И с недоверием пожимаю плечами.

. – Да, да, да! – вскрикивает дядюшка, – остров, несомненно, остров!

– Как остров, дядюшка? А водяной-то столб.

– Geuser, – говорит Ганс.

– Да, гейзер! – повторяет дядя. – Такой самый, как знаменитый горячий ключ у подошвы Геклы!

Я все-таки не хочу верить. Как же это ошибиться так грубо, – принять остров за морское чудовище!

По мере того, как мы приближаемся, размеры водяного столба становятся грандиознее. Остров этот до невероятности похож на колоссальное китообразное животное, голова которого высовывается сажень на 10 над волнами. Гейзер величественно выходит из верхней части головы. На исландском языке слово гейзер означает – бешенство, и здесь это слово очень кстати. По временам раздаются глухие раскаты, и чудовищный водоем взлетает до первого слоя облаков.

Ключ этот шумит и брызжет одиноко; около него нет ни клубящегося дыма, ни других горячих источников; вся вулканическая сила сосредоточивается в нем одном. Лучи электрического света проникают в сверкающий ослепительный столб и каждая капля окрашивается радужными цветами.

– Причалим, причалим! – вскрикивает дядюшка.

Но прежде надо поосторожнее объехать водяной смерч, иначе он немедленно потопит наш плот.

Ганс очень ловко маневрирует и причаливает к другой стороне острова. Я соскакиваю на скалу, дядюшка следует за мною, а Ганс остается на своем месте, у руля.

Вечно невозмутимый Ганс и теперь сохраняет свое хладнокровие.

Мы ступаем по граниту, который перемешан с кремнистым туфом; почва дрожит под нашими ногами, точно стенки нагретого парового котла. Идти очень трудно, потому что почва жжет ноги. Мы добираемся до маленького центрального бассейна, откуда бьет струя. Я погружаю в кипящую воду термометр, и он показывает 163°.

Вода эта непременно вырывается из какой-нибудь пламенеющей среды. Это противоречит теории почтеннейшего дядюшки и профессора.
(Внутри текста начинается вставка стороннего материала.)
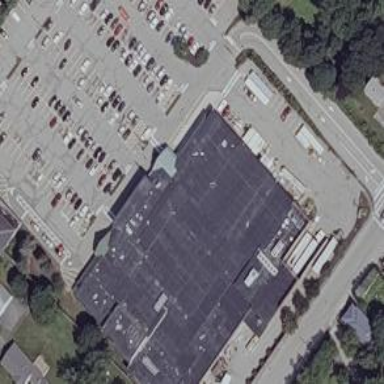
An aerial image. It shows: Retail building housing supermarket.

Я не могу утерпеть и ему это выражаю.

– Да где же тут противоречие? – спрашивает он.

– Если вы его не видите, – отвечаю я, – так может, его и нет.

Я вынужден сознаться, что до сих пор обстоятельства удивительно благоприятствовали нашему путешествию, но все-таки очевидно, что когда-нибудь мы достигнем тех стран, где центральный жар доходит до высшей степени и превышает все градусы термометра.

– Это непременно так будет, – говорю я.

– Неужто будет? – отвечает упрямый дядюшка. – Увидим!

Он окрещивает вулканический остров моим именем и подает сигнал к отплытию.

Я еще несколько минут не могу оторвать глаз от гейзера. Струя его выбрасывается неровно, порывисто, то с меньшею, то с большею силою; это надо приписать изменяющемуся давлению паров в его резервуаре.

Мы объезжаем очень крутые южные берега острова и удаляемся от него.

Ганс воспользовался этой остановкой и привел плот в отличный порядок.

Прежде чем потерять из виду остров, я вычисляю пройденное расстояние и записываю это в журнал.

Мы прошли 270 морских льё от гавани Гретхен и находимся в 620 льё от Исландии, под Англией.